I have 3 neighbors that Toro 22" Personal Pace Recyclers, 2 that mostly use lawn tractors despite having small yards, another 2 with zero-turns, another that has a mowing guy, but might break out the riding tractor once or twice a year, one who used to push mow but recently got a mowing guy, another that push mows their moss lawn a few times a year and never cleans up their leaves but lets them blow around the neighborhood all Winter instead (really not cool), 2 more that use lawn tractors (including one who only mows from May through October), one who used to push mow but then moved away and recently moved back but now has a mowing company do it, and another with a lawn tractor who is the only other one than me who consistently mulch mows all grass and leaves into the lawn but mows at like 1.25 in (which is more like 0.3 inch in some areas).

How about yours?


----------



## Biggylawns (Jul 8, 2019)

3 of my neighbors have about 80%+ weeds and pay a landscaper to cut it. 2 have huge bare patches and pay. 1 has a toro self propelled (not sure which model) and tries.


----------



## CTTurfDad (Jun 12, 2019)

Houses on either side of us use a mowing company to scalp their lawns once a week. Guy across the street has a 95% crabgrass lawn. He mows it himself. And verbally gives me lawn tips. Every. Year.

One next door neighbor has had a giant portion of his backyard (almost half of it) die every year, and every year his landscaping company brings in straw (along with god knows what) and seeds it. For the past few years I have gotten a similar die-off in a patch in my front yard. This neighbor caught me outside working on my dying patch this August and remarked at how similar this looks to his dying patch in back. His landscaper told him it is zoysia and simply destined to die every year. To fix this, that landscaper quoted him $1,500. I don't know what details were in the work order.

My own research into the issue determined it to be chinch bugs, and a heavy infestation of such. I treated for chinches, and my patches had healed and filled in by the time my neighbor's landscaping company showed up with this year's seed and straw.


----------



## Guest (Nov 17, 2019)

.


----------



## DIY Lawn Guy (Jun 19, 2019)

I live on a cul-de-sac (for 30+ years) so it is easy to see my neighbors maintain their yards.

Here is what my neighbors mow with. A generic push mower at one home. Next guy, a small generic (Bolens?) rider and push mower. Next the newest guy did use a lawn service but now has a nice new Cub Cadet rear engine rider. Next guy has a Huqvarna rider (it's blades really roar) with bagger that he dumps in the woods.

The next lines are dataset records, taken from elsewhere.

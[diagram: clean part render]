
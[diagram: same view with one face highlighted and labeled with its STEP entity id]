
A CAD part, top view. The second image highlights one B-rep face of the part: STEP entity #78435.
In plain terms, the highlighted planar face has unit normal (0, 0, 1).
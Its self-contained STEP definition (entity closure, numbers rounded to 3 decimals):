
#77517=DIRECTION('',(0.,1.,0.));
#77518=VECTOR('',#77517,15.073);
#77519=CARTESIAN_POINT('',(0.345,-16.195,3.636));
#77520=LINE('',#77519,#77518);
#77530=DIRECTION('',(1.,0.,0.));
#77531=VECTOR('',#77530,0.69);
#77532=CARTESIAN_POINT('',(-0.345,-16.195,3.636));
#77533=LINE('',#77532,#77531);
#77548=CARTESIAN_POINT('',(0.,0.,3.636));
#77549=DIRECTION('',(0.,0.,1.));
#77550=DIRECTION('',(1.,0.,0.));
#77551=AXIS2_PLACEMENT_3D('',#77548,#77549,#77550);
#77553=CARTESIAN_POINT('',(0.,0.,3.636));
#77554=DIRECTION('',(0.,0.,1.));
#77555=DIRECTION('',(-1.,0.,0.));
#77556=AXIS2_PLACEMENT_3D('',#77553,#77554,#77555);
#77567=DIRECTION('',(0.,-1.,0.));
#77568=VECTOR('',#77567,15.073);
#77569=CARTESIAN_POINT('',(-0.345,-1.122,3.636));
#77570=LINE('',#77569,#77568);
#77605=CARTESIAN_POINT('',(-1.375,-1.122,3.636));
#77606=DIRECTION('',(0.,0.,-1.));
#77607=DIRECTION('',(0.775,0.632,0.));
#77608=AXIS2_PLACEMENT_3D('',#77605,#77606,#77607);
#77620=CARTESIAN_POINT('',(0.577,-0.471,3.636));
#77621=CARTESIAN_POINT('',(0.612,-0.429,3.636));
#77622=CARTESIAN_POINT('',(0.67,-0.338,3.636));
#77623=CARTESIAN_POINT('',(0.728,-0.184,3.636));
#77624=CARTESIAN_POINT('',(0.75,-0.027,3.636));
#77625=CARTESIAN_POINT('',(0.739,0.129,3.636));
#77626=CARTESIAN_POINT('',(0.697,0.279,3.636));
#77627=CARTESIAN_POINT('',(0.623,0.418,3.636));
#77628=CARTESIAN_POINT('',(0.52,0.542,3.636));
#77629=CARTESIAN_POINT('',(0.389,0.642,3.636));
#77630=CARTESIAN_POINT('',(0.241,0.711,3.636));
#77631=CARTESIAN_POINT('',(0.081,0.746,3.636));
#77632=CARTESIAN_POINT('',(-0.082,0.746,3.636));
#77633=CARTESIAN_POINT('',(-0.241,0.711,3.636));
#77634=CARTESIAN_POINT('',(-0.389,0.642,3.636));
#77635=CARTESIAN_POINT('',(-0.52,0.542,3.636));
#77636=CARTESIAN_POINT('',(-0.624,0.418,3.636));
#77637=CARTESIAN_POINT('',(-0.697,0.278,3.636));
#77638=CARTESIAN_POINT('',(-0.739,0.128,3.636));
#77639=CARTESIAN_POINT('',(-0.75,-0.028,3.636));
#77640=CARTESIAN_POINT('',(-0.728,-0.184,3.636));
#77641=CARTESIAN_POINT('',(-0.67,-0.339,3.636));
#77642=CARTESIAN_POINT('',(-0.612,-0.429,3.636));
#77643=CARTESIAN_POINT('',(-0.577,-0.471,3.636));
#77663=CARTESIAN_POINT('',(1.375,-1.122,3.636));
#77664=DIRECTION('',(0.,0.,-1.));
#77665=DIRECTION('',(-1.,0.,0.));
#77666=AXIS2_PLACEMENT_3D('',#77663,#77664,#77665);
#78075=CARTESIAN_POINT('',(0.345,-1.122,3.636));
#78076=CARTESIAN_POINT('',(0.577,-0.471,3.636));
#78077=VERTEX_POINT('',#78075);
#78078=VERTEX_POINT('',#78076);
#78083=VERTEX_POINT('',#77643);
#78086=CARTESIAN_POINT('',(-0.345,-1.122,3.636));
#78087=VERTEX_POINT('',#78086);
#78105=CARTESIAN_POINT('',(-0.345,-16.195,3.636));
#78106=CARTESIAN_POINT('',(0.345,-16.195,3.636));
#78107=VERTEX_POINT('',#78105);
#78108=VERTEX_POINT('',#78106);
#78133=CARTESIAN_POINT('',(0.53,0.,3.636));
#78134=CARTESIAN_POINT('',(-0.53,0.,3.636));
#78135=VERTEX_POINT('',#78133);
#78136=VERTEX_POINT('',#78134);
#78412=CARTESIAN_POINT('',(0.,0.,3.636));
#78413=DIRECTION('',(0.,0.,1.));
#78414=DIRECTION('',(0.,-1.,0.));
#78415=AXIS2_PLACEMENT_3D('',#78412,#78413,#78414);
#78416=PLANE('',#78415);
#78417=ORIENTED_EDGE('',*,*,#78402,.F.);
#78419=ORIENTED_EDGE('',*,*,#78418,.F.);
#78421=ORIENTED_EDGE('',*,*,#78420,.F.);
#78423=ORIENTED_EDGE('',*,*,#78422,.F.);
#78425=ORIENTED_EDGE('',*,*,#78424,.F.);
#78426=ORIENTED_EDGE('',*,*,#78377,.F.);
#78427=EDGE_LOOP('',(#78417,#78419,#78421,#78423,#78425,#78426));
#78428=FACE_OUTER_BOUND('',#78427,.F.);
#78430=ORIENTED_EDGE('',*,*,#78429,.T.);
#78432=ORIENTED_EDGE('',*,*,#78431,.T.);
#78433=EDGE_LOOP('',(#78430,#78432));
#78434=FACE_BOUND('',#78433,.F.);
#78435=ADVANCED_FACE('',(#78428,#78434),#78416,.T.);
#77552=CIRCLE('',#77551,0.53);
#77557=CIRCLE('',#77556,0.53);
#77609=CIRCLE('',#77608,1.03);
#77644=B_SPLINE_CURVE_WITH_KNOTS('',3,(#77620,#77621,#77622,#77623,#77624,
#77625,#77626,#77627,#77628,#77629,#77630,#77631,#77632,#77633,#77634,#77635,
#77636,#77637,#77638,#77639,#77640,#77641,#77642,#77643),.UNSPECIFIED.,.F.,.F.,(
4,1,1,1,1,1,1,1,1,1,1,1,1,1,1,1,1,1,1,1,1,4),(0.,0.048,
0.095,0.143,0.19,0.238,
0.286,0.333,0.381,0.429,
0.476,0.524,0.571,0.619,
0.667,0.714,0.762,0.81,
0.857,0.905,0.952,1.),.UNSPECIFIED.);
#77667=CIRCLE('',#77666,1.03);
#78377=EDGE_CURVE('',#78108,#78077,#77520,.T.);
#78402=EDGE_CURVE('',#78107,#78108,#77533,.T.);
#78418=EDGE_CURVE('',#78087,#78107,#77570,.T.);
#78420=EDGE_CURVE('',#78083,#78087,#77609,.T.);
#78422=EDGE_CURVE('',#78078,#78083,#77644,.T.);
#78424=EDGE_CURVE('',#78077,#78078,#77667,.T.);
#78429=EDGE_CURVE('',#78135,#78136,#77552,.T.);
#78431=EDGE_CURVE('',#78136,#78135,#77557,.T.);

Next guy bought a new Cub Cadet self-propelled walk behind that is surprisingly loud (engine) for a new mower and the last guy has a Toro Recycler self-propelled.

But basically, not boasting, I am the "big kahuna" of lawn health and appearance of my cul-de-sac's yards. Why? I am retired and have lots of time to put into my property. All my other neighbors are younger and work full time.

There are quite a variety of families around me. One is from China, another is from Russia, two other homes are young couples in their first time home ownership plus another couple that is from the local area.

The Chinese family struggles with their lawn mower and snow thrower reliability. I suspect that they may not understand the benefits of gas stabilizer additives. However, even without those machines, they are out in force as a family taking care of their lawn or snow issues.

The Russian family are very hard workers too. Both the husband and wife work together to do a very nice job keeping their yard and home exterior looking sharp.

I will say that all my neighbors put in good efforts to maintain at least good basic lawn appearance.


----------